De
niña, mi madre, algún profesor e incluso algunos amigos me preguntaban con
frecuencia que si estaba en la luna; de adolescente fui una lunática, y superados
los 20 canté y bailé al ritmo de “ese toro enamorao de la luna”.
Han
pasado los años, pero yo sigo hipnotizada por ese satélite, que esta semana ha
mostrado una de sus caras más hermosas.

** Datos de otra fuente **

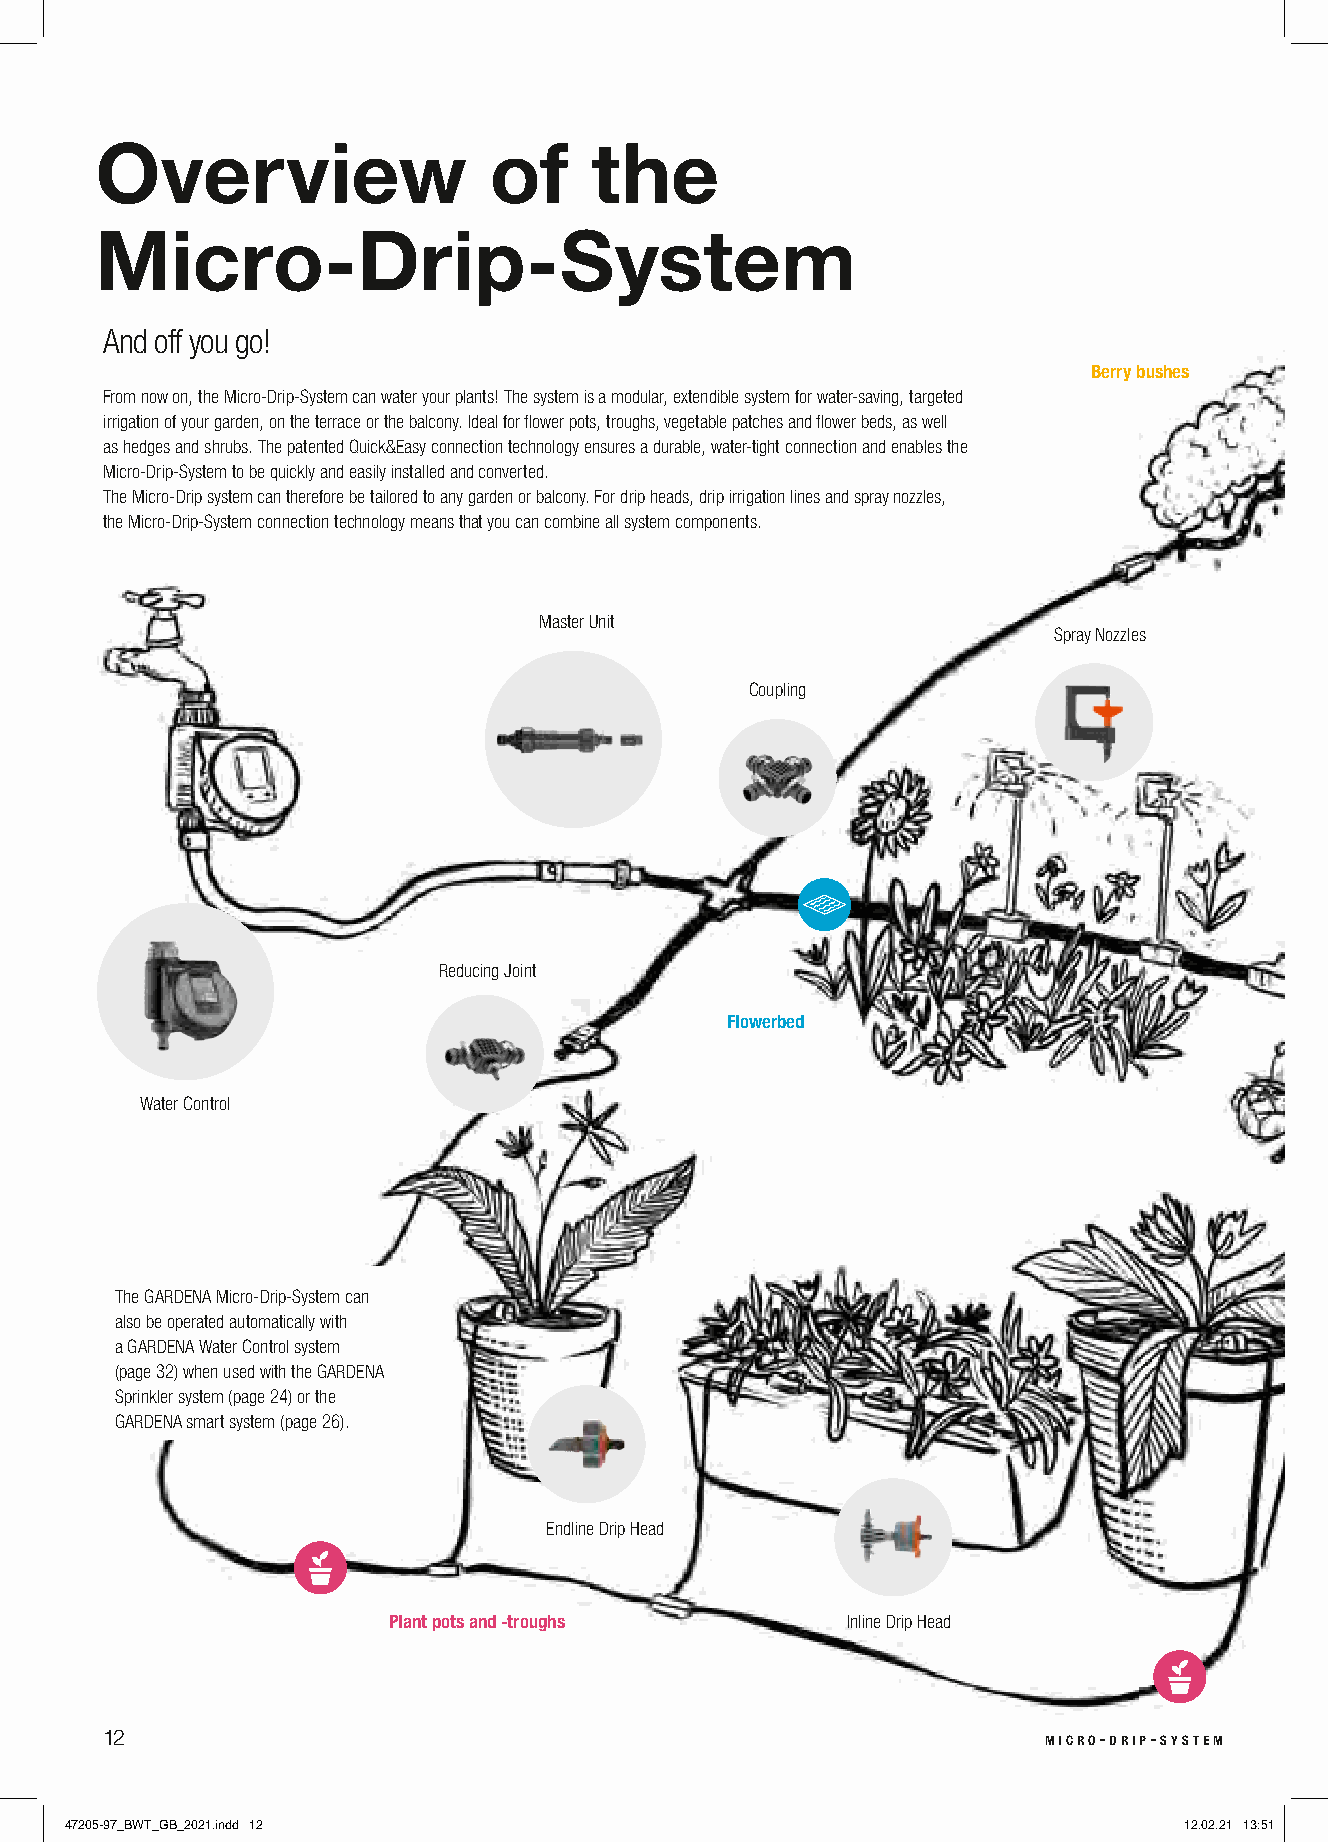
Overview                  of     the
 Micro-Drip-System
 And off you go!
 Berry bushes
 From now on, the Micro-Drip-System can water your plants! The system is a modular, extendible system for water-saving, targeted
 irrigation of your garden, on the terrace or the balcony. Ideal for flower pots, troughs, vegetable patches and flower beds, as well
 as hedges and shrubs. The patented Quick&Easy connection technology ensures a durable, water-tight connection and enables the
 Micro-Drip-System to be quickly and easily installed and converted.
 The Micro-Drip system can therefore be tailored to any garden or balcony. For drip heads, drip irrigation lines and spray nozzles,
 the Micro-Drip-System connection technology means that you can combine all system components.
 Master Unit
 Spray Nozzles
 Coupling
 Reducing Joint
 Flowerbed
 Water Control
 The GARDENA Micro-Drip-System can
 also be operated automatically with
 a GARDENA Water Control system
 (page 32) when used with the GARDENA
 Sprinkler system (page 24) or the
 GARDENA smart system (page 26).
 Endline Drip Head
 Plant pots and -troughs       Inline Drip Head
 12                                                            micro-drip-system
 47205-97_BWT_GB_2021.indd 12                                              12.02.21 13:51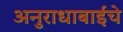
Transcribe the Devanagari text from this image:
अनुराधाबाईंचे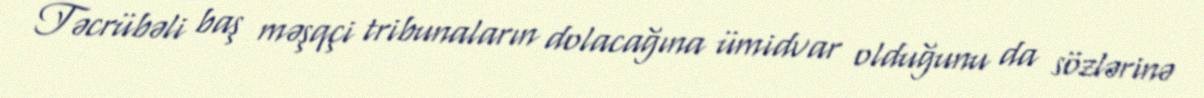
Təcrübəli baş məşqçi tribunaların dolacağına ümidvar olduğunu da sözlərinə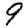
Digit: 9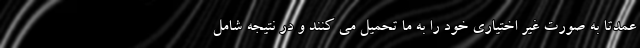
عمدتا به صورت غیر اختیاری خود را به ما تحمیل می کنند و در نتیجه شامل

Claro que yo lo vi al borde del mar,
sentada en la arena de una preciosa playa y dejándome llevar por el embrujo del
oro que dibujaba su reflejo en el agua.
Ni
la ministra de Empleo y Seguridad Social, con sus “señales esperazandoras en un
entorno de una crisis muy dura”, justo tres días después de que se hiciera
público que por primera vez en la historia el paro en España ha superado el 25
por ciento de la población activa.
Ni
las cifras que con tanto desparpajo ofreció la consejera de Cultura, Deportes,
Políticas Sociales y Vivienda del Gobierno de Canarias, al asegurar que el 29
por ciento de los menores de edad de las islas está en riesgo de exclusión
social, por encima de la media española, que es del 24 por ciento, y que en el
60 por ciento de las familias con todos sus miembros en paro hay niños.
Y
mucho menos el huracán Sandy o el cambio de hora y el ahorro energético, que no
veo por ninguna parte, sobre todo porque las farolas de muchas calles siguen
encendidas pasadas las 10 de la mañana, y porque en la mayoría de las oficinas
hay que darle al interruptor, sea la hora que sea, porque no llega suficiente
luz natural.
Nada
pudo hacer que durante un par de noches faltara a la cita con esa bola redonda
que se asomó por el horizonte, primero de color naranja y, poco a poco, cada
vez más dorada, invitándonos a dejar volar la imaginación.
Mi
abuelo, como muchos abuelos, nunca creyó que el hombre hubiera de verdad
llegado a la luna, claro que tampoco se explicaba cómo podía yo vivir en el
barrio de Tetuán. “Pero si allí no hay más que trincheras”, me decía recordando
su paso por esa parte de Madrid en tiempos de la Guerra Civil.
“Que
no abuelo, las cosas ahora son distintas”, intentaba explicarle yo, aunque si
lo pienso bien tal vez tampoco ha habido tantos cambios. Edificios que
sustituyeron campos de batalla sí, pero a la mayoría sólo nos queda la libertad
de soñar con la luna, mientras seguimos sufriendo los desvaríos de unos pocos.